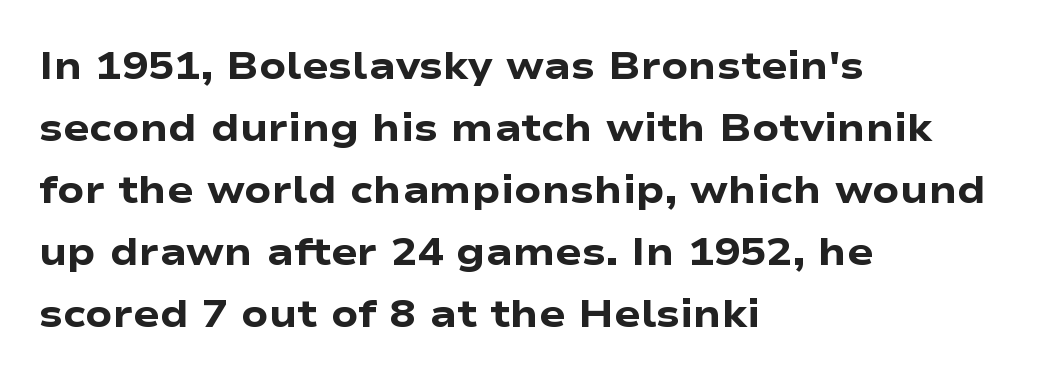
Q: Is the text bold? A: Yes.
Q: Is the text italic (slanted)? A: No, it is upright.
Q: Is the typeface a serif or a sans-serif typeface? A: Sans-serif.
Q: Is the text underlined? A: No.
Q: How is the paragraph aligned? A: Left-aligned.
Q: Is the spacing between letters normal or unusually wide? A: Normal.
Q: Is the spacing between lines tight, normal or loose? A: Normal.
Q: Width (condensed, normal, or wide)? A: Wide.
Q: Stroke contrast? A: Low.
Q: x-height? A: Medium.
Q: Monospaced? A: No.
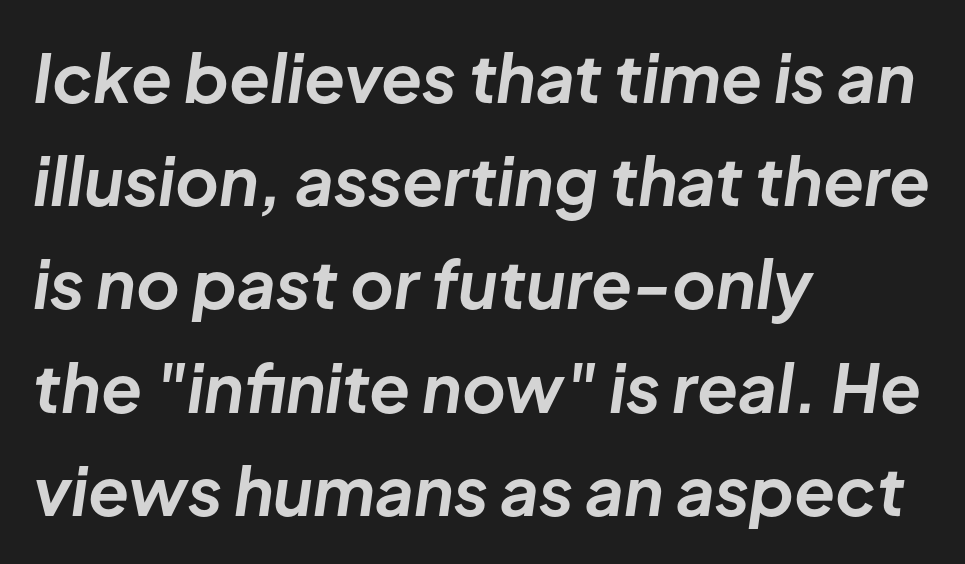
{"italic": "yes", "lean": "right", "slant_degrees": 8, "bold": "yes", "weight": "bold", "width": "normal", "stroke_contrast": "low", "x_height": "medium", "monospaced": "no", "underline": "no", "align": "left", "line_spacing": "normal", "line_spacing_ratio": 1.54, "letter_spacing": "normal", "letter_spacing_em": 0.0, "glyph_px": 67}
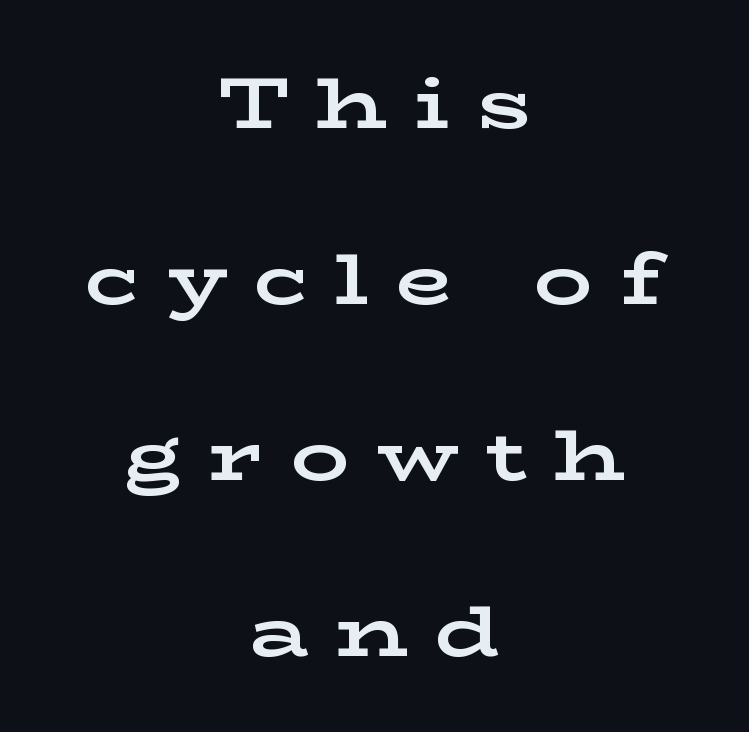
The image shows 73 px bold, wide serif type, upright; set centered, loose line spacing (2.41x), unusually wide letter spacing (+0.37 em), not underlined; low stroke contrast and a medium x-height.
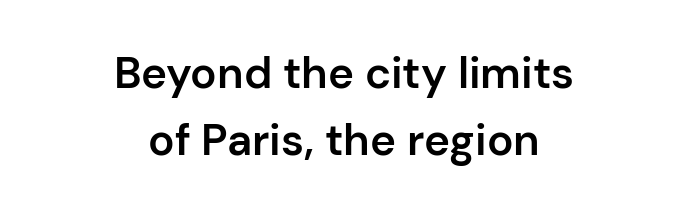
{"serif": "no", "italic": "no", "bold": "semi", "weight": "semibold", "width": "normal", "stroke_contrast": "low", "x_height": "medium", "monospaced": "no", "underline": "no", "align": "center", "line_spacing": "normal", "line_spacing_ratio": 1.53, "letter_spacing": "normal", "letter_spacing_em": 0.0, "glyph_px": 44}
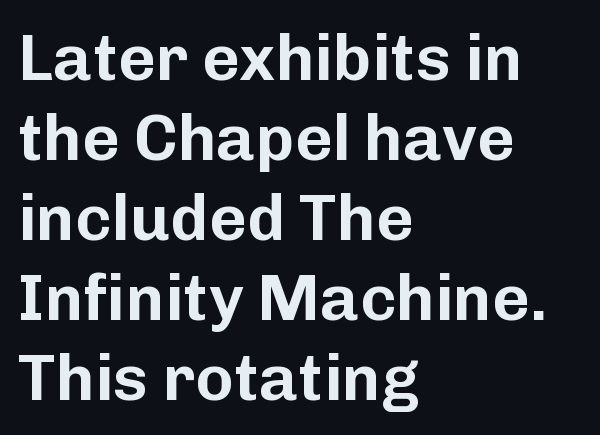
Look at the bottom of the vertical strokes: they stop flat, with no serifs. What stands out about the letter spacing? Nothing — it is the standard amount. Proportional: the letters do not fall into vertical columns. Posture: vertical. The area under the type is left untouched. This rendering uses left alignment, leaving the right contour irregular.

--

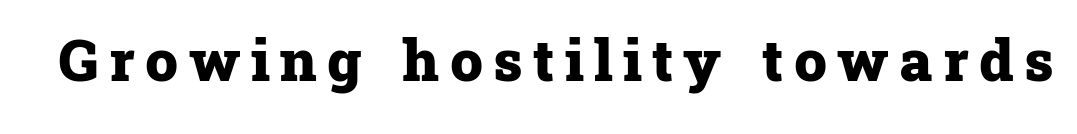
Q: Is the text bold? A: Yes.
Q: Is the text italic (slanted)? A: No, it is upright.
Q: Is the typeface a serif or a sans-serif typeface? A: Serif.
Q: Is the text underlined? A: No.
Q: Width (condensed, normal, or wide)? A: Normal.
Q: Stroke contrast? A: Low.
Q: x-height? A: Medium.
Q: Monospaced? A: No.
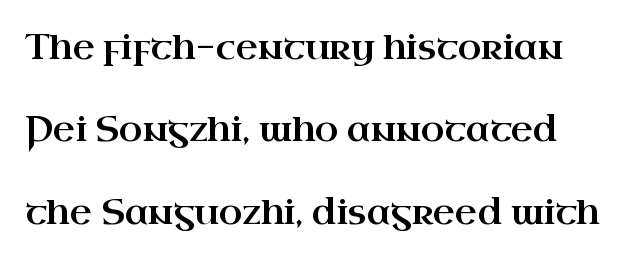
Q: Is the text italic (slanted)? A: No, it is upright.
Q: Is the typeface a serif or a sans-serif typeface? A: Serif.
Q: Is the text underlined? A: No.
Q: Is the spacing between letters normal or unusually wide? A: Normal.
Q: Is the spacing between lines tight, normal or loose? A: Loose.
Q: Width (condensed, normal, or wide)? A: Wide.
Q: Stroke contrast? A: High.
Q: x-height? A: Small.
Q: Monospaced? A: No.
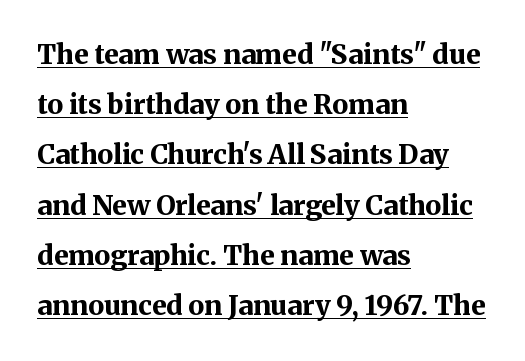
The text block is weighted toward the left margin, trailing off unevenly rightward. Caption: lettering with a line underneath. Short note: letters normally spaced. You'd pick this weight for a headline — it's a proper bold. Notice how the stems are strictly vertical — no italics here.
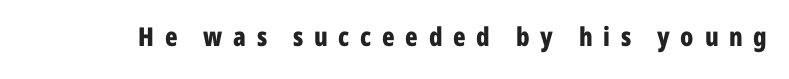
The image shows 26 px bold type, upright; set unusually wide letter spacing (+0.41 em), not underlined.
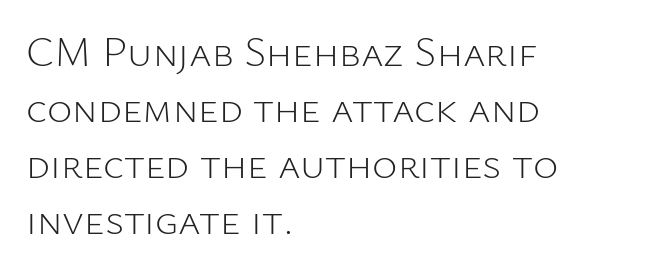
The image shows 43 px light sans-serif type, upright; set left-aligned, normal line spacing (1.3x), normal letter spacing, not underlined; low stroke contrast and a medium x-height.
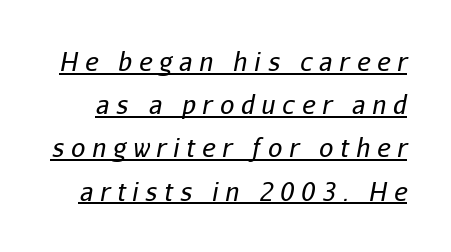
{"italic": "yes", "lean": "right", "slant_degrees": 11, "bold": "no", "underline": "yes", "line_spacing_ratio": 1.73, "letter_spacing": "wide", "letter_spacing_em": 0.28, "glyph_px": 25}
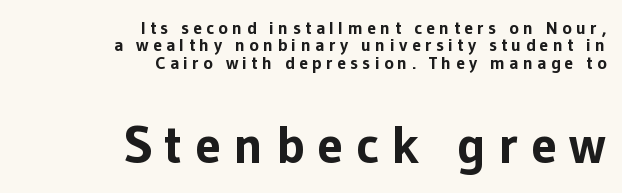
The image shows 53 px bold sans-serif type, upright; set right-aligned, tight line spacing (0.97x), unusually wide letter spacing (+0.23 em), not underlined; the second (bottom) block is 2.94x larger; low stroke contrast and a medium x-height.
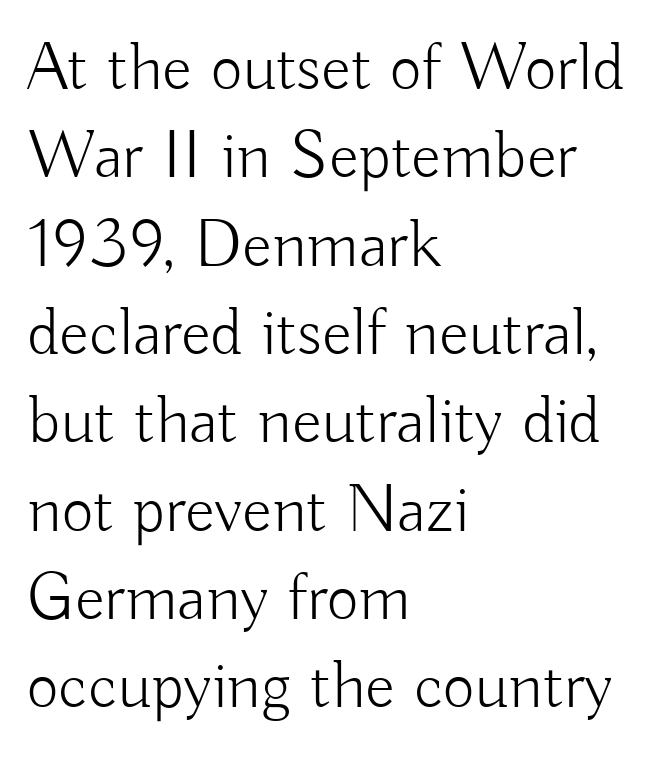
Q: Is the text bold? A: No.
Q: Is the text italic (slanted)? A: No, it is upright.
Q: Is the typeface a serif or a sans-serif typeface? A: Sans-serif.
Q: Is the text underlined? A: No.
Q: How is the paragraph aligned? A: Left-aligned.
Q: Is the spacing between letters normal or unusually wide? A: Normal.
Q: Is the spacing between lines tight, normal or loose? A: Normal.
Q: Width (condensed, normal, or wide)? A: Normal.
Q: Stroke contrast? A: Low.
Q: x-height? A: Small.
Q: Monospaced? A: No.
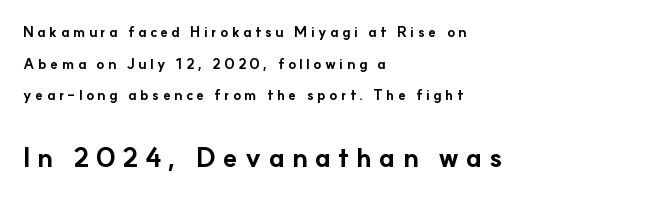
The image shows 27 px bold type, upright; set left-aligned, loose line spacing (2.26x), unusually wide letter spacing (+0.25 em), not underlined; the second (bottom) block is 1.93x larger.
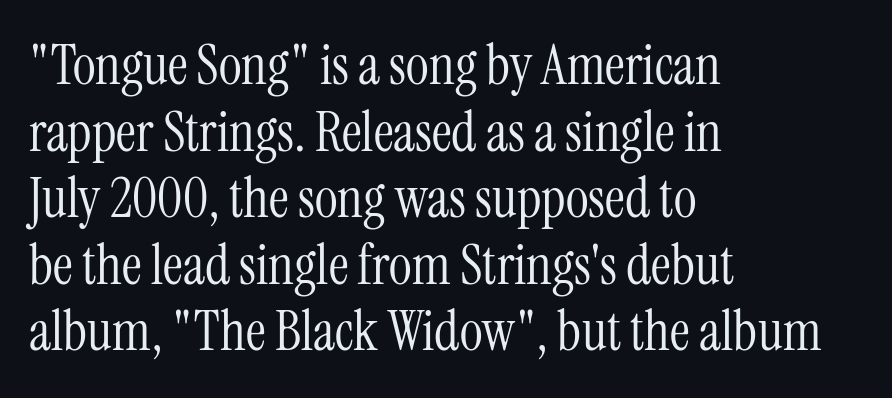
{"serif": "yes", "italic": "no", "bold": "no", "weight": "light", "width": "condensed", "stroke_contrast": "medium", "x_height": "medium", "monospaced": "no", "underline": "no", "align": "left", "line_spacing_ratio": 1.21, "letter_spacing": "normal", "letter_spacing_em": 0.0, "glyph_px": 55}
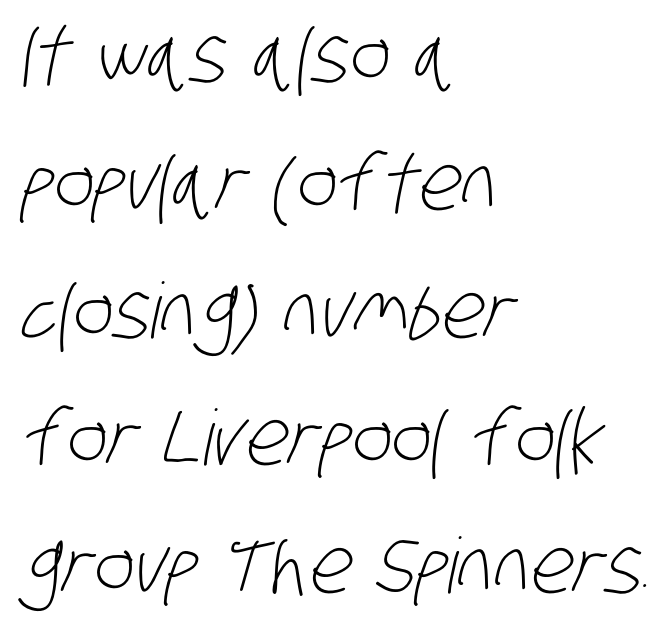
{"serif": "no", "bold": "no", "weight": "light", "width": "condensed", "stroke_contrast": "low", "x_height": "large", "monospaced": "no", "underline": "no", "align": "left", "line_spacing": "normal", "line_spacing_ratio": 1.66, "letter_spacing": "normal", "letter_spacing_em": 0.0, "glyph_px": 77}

**Instructions to follow**
Go through the data above and copy each line in which "larger" appears.

**Written answer**
The image shows 53 px bold sans-serif type, upright; set right-aligned, tight line spacing (0.97x), unusually wide letter spacing (+0.23 em), not underlined; the second (bottom) block is 2.94x larger; low stroke contrast and a medium x-height.
The image shows 27 px bold type, upright; set left-aligned, loose line spacing (2.26x), unusually wide letter spacing (+0.25 em), not underlined; the second (bottom) block is 1.93x larger.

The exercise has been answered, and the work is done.